▶ Exercise objective: The pictures must be left out, while the rest of the data is copied exactly.

Stored items from a collection
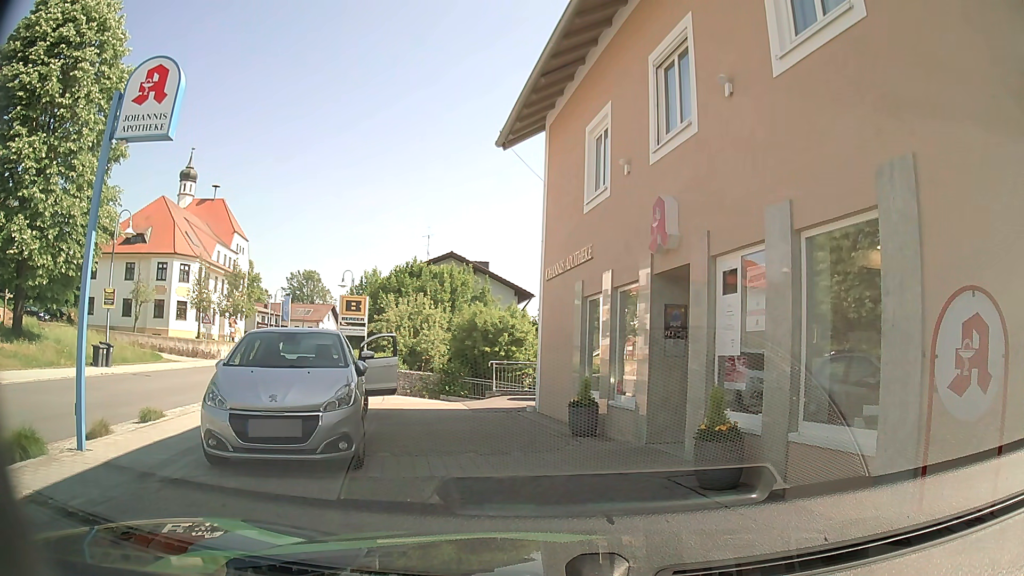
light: Day
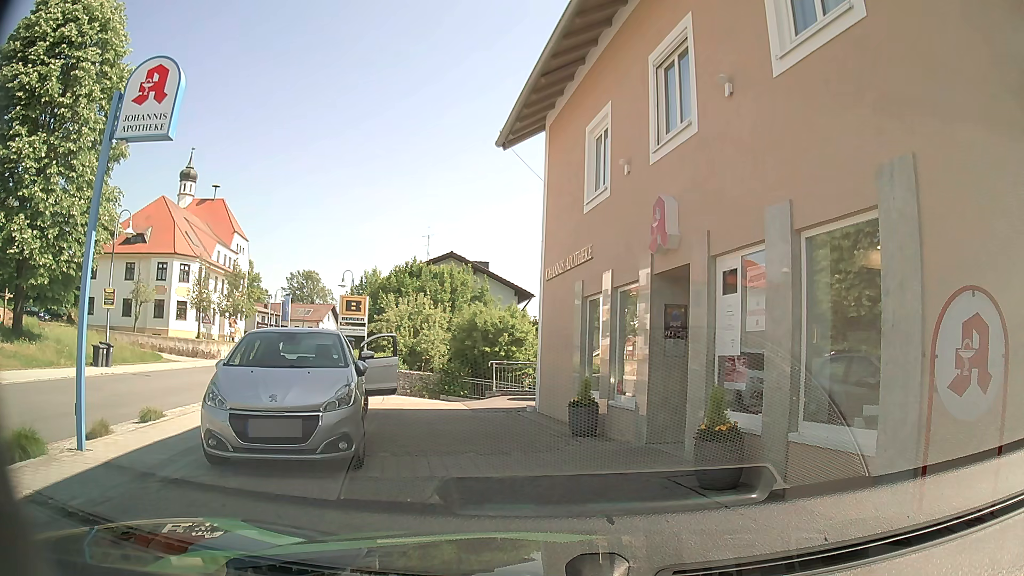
(0.0, 0.0) m; 0°
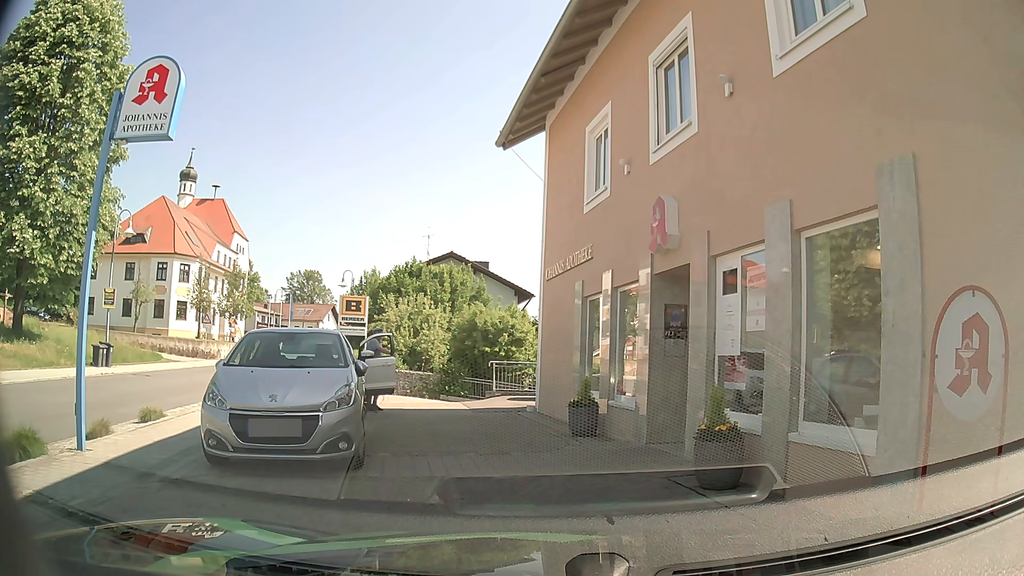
(0.0, 0.0) m; 0°
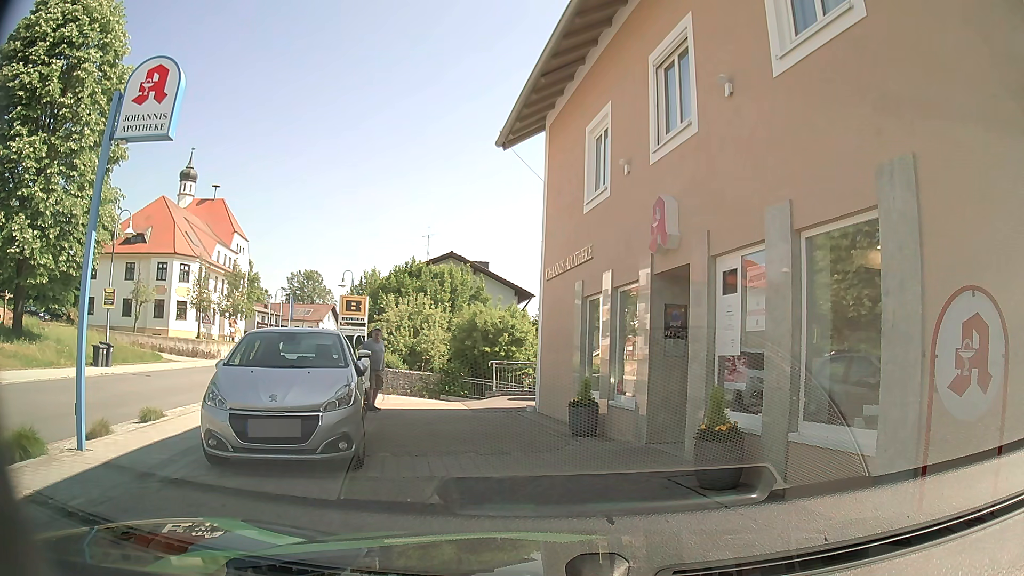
(0.0, 0.0) m; 0°
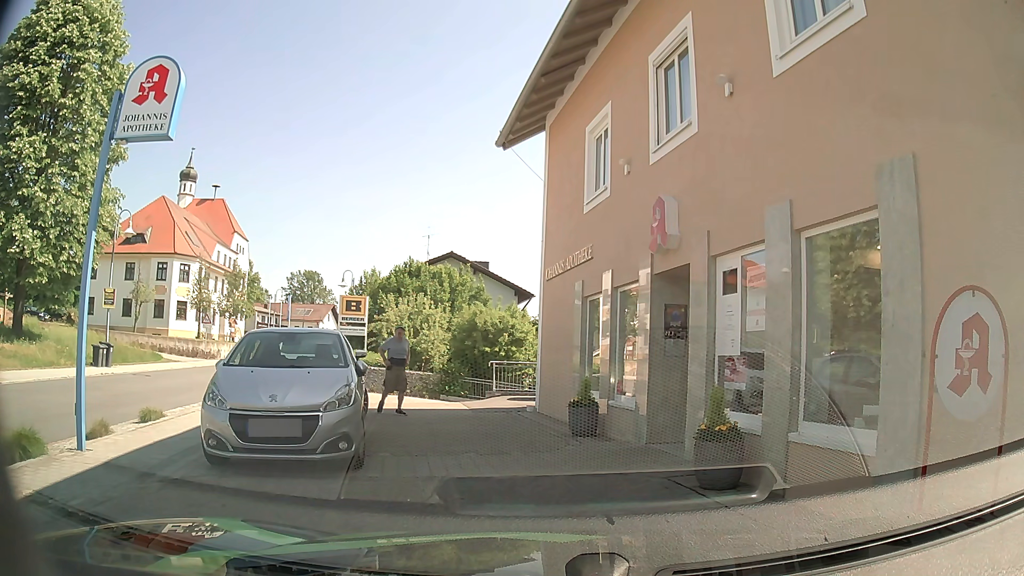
(0.0, 0.0) m; 0°
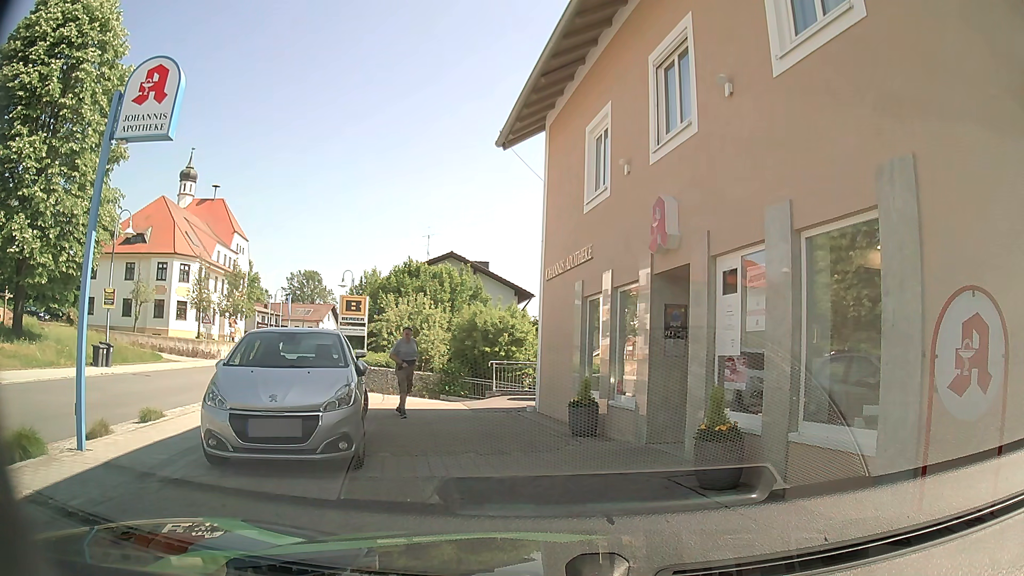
(0.0, 0.0) m; 0°
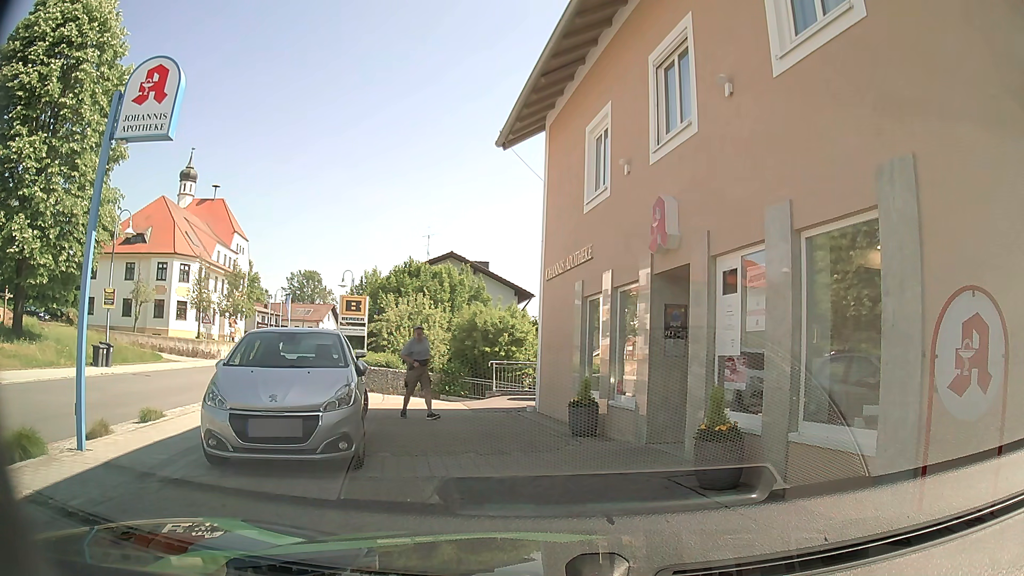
(0.0, 0.0) m; 0°
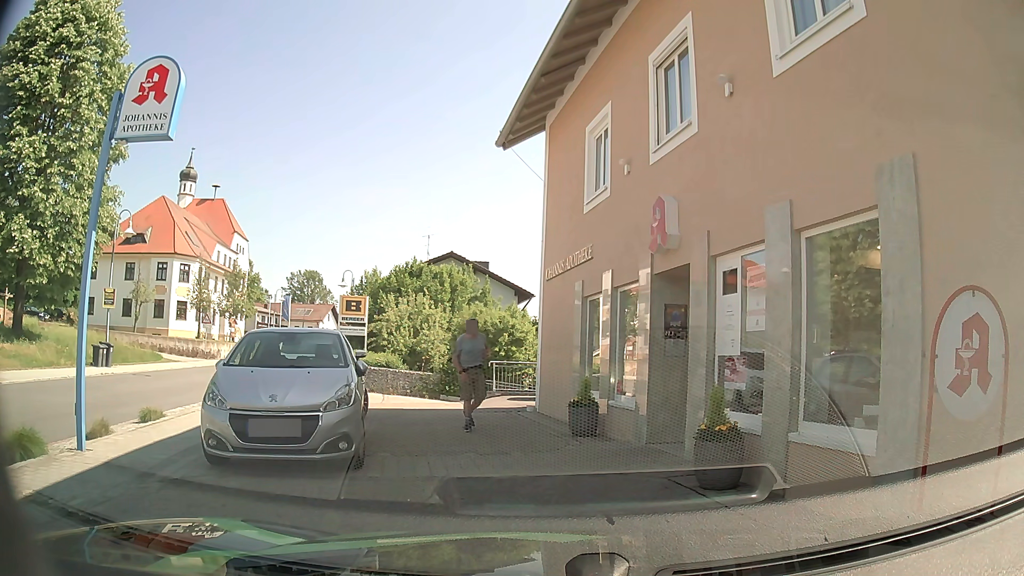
(0.0, 0.0) m; 0°

▶ The completed task:
light: Day
(0.0, 0.0) m; 0°
(0.0, 0.0) m; 0°
(0.0, 0.0) m; 0°
(0.0, 0.0) m; 0°
(0.0, 0.0) m; 0°
(0.0, 0.0) m; 0°
(0.0, 0.0) m; 0°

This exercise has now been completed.